2025-11-04 07:26:42 -05:00
parent 9132764523
commit e5c3fcab46
81 changed files with 9263 additions and 2725 deletions
--- a/week5/pro_implementation/answer.py
+++ b/week5/pro_implementation/answer.py
@@ -0,0 +1,145 @@
+from openai import OpenAI
+from dotenv import load_dotenv
+from chromadb import PersistentClient
+from litellm import completion
+from pydantic import BaseModel, Field
+from pathlib import Path
+from tenacity import retry, wait_exponential
+
+
+load_dotenv(override=True)
+
+# MODEL = "openai/gpt-4.1-nano"
+MODEL = "groq/openai/gpt-oss-120b"
+DB_NAME = str(Path(__file__).parent.parent / "preprocessed_db")
+KNOWLEDGE_BASE_PATH = Path(__file__).parent.parent / "knowledge-base"
+SUMMARIES_PATH = Path(__file__).parent.parent / "summaries"
+
+collection_name = "docs"
+embedding_model = "text-embedding-3-large"
+wait = wait_exponential(multiplier=1, min=10, max=240)
+
+openai = OpenAI()
+
+chroma = PersistentClient(path=DB_NAME)
+collection = chroma.get_or_create_collection(collection_name)
+
+RETRIEVAL_K = 20
+FINAL_K = 10
+
+SYSTEM_PROMPT = """
+You are a knowledgeable, friendly assistant representing the company Insurellm.
+You are chatting with a user about Insurellm.
+Your answer will be evaluated for accuracy, relevance and completeness, so make sure it only answers the question and fully answers it.
+If you don't know the answer, say so.
+For context, here are specific extracts from the Knowledge Base that might be directly relevant to the user's question:
+{context}
+
+With this context, please answer the user's question.
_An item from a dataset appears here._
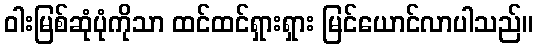
ဝါးမြစ်ဆုံပုံကိုသာ ထင်ထင်ရှားရှား မြင်ယောင်လာပါသည်။

Be accurate, relevant and complete.
+"""
+
+
+class Result(BaseModel):
+    page_content: str
+    metadata: dict
+
+
+class RankOrder(BaseModel):
+    order: list[int] = Field(
+        description="The order of relevance of chunks, from most relevant to least relevant, by chunk id number"
+    )
+
+
+@retry(wait=wait)
+def rerank(question, chunks):
+    system_prompt = """
+You are a document re-ranker.
+You are provided with a question and a list of relevant chunks of text from a query of a knowledge base.
+The chunks are provided in the order they were retrieved; this should be approximately ordered by relevance, but you may be able to improve on that.
+You must rank order the provided chunks by relevance to the question, with the most relevant chunk first.
+Reply only with the list of ranked chunk ids, nothing else. Include all the chunk ids you are provided with, reranked.
+"""
+    user_prompt = f"The user has asked the following question:\n\n{question}\n\nOrder all the chunks of text by relevance to the question, from most relevant to least relevant. Include all the chunk ids you are provided with, reranked.\n\n"
+    user_prompt += "Here are the chunks:\n\n"
+    for index, chunk in enumerate(chunks):
+        user_prompt += f"# CHUNK ID: {index + 1}:\n\n{chunk.page_content}\n\n"
+    user_prompt += "Reply only with the list of ranked chunk ids, nothing else."
+    messages = [
+        {"role": "system", "content": system_prompt},
+        {"role": "user", "content": user_prompt},
+    ]
+    response = completion(model=MODEL, messages=messages, response_format=RankOrder)
+    reply = response.choices[0].message.content
+    order = RankOrder.model_validate_json(reply).order
+    return [chunks[i - 1] for i in order]
+
+
+def make_rag_messages(question, history, chunks):
+    context = "\n\n".join(
+        f"Extract from {chunk.metadata['source']}:\n{chunk.page_content}" for chunk in chunks
+    )
+    system_prompt = SYSTEM_PROMPT.format(context=context)
+    return (
+        [{"role": "system", "content": system_prompt}]
+        + history
+        + [{"role": "user", "content": question}]
+    )
+
+
+@retry(wait=wait)
+def rewrite_query(question, history=[]):
+    """Rewrite the user's question to be a more specific question that is more likely to surface relevant content in the Knowledge Base."""
+    message = f"""
+You are in a conversation with a user, answering questions about the company Insurellm.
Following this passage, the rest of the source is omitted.